L’un des objectifs de ce partenariat est d’accroître la mobilisation de l’offre de services de France Travail par les Geiq. Avec la création de l’Académie France Travail, nous mettons à disposition des formations sur notre offre de service, et réciproquement. Ouverte à la rentrée dernière, cette plateforme de formation est accessible à l’ensemble des 160 000 professionnels de l’emploi et de l’insertion. Ce partenariat conforte également les liens entre nos deux entités sur le triptyque « employer – former – accompagner » pour aider les entreprises à recruter, aller vers les personnes éloignées de l’emploi, construire des parcours de formation et de qualification menant à l’emploi durable et accompagner dans chaque région et territoire les coopérations opérationnelles entre France Travail et les Geiq. Ensemble, nous créons une synergie qui profite aux demandeurs d'emploi, aux employeurs et à l'ensemble des acteurs du Réseau pour l’emploi !
Les Geiq jouent un rôle essentiel dans l’insertion professionnelle et la qualification. Quel rôle attribuez-vous à ces structures dans la stratégie globale de France Travail ?
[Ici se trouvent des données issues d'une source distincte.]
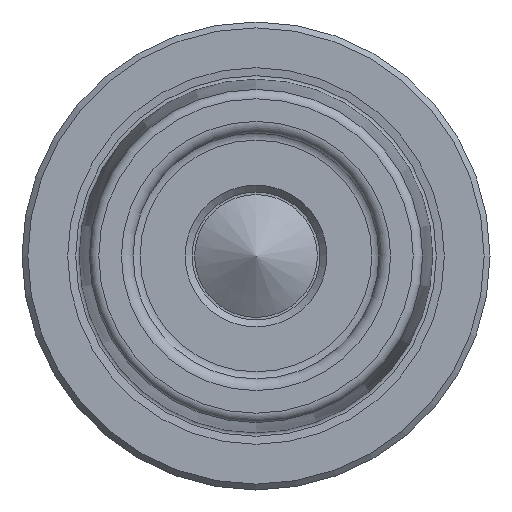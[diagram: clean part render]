
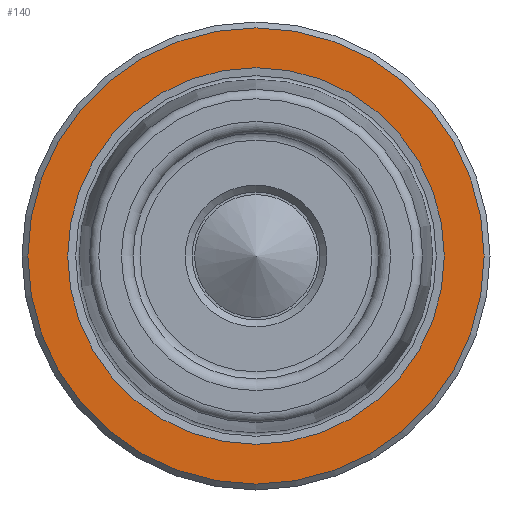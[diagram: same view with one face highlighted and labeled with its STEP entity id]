
A CAD part, left-side view. The second image highlights one B-rep face of the part: STEP entity #140.
In plain terms, the highlighted planar face has unit normal (-1, 0, 0).
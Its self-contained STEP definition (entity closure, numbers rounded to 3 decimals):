
#140 = ADVANCED_FACE( '', ( #343, #344 ), #345, .T. );
#343 = FACE_BOUND( '', #647, .T. );
#344 = FACE_OUTER_BOUND( '', #648, .T. );
#345 = PLANE( '', #649 );
#647 = EDGE_LOOP( '', ( #982 ) );
#648 = EDGE_LOOP( '', ( #983 ) );
#649 = AXIS2_PLACEMENT_3D( '', #984, #985, #986 );
#982 = ORIENTED_EDGE( '', *, *, #1416, .F. );
#983 = ORIENTED_EDGE( '', *, *, #1402, .T. );
#984 = CARTESIAN_POINT( '', ( 0., 0., 19.5 ) );
#985 = DIRECTION( '', ( -1., 0., 0. ) );
#986 = DIRECTION( '', ( 0., 0., 1. ) );
#1402 = EDGE_CURVE( '', #1592, #1592, #1593, .T. );
#1416 = EDGE_CURVE( '', #1615, #1615, #1616, .T. );
#1592 = VERTEX_POINT( '', #1862 );
#1593 = CIRCLE( '', #1863, 19.5 );
#1615 = VERTEX_POINT( '', #1958 );
#1616 = CIRCLE( '', #1959, 16.094 );
#1862 = CARTESIAN_POINT( '', ( 0., 0., 19.5 ) );
#1863 = AXIS2_PLACEMENT_3D( '', #2293, #2294, #2295 );
#1958 = CARTESIAN_POINT( '', ( 0., 0., 16.094 ) );
#1959 = AXIS2_PLACEMENT_3D( '', #2317, #2318, #2319 );
#2293 = CARTESIAN_POINT( '', ( 0., 0., 0. ) );
#2294 = DIRECTION( '', ( -1., 0., 0. ) );
#2295 = DIRECTION( '', ( 0., 0., 1. ) );
#2317 = CARTESIAN_POINT( '', ( 0., 0., 0. ) );
#2318 = DIRECTION( '', ( -1., 0., 0. ) );
#2319 = DIRECTION( '', ( 0., 0., 1. ) );

Les Geiq jouent un rôle essentiel dans la stratégie globale de France Travail. Ils sont des alliés de poids. La création de France Travail porte l’ambition d’une plus grande coopération entre tous les acteurs de l’emploi et de l’insertion. C’est tout l’objet du Réseau pour l’emploi, dont les Geiq font partie. Aujourd’hui, les acteurs travaillent encore en silos, alors que chacun a un morceau de la solution. Nous devons faire en sorte que ce Réseau pour l’emploi soit au rendez-vous de nos usagers. L’une des forces des Geiq est de proposer des parcours sur-mesure. Ils offrent aux demandeurs d’emploi à la fois une expérience professionnelle en entreprise et une formation solide. C’est essentiel. Ils permettent aux individus de monter en compétences directement dans un environnement de travail concret.
Et puis, il ne faut pas oublier la mission d’inclusion des entreprises adhérentes à un Geiq. Ces entreprises font un travail remarquable pour créer des emplois en faveur des publics les plus fragiles. Je pense aux jeunes, aux seniors, aux personnes en situation de handicap ou issues de quartiers prioritaires. C’est pour ça que les Geiq sont fondamentaux dans notre belle mission d’insertion par le travail pour tous, et que j’ai toujours encouragé leur développement, que ce soit en portant le pacte d’ambition pour l’insertion par l’activité économique, ou en encourageant à travers le réseau Les entreprises s’engagent à recourir plus fortement aux Geiq. Continuez à vous développer, France Travail sera toujours à vos côtés !
A propos de Thibaut Guilluy
Thibaut Guilluy a été nommé le 12 octobre 2020 Haut-commissaire à l’Emploi et à l’Engagement des entreprises, auprès de la ministre du Travail, de l’Emploi et de l’Insertion, Elisabeth Borne. Il est ensuite nommé directeur général de France Travail en Conseil des ministres le 12 décembre 2023. Diplômé de l’ESCP, Thibaut Guilluy a une expérience de vingt ans dans l’inclusion avec la création d’une dizaine d’associations et d’entreprises sociales.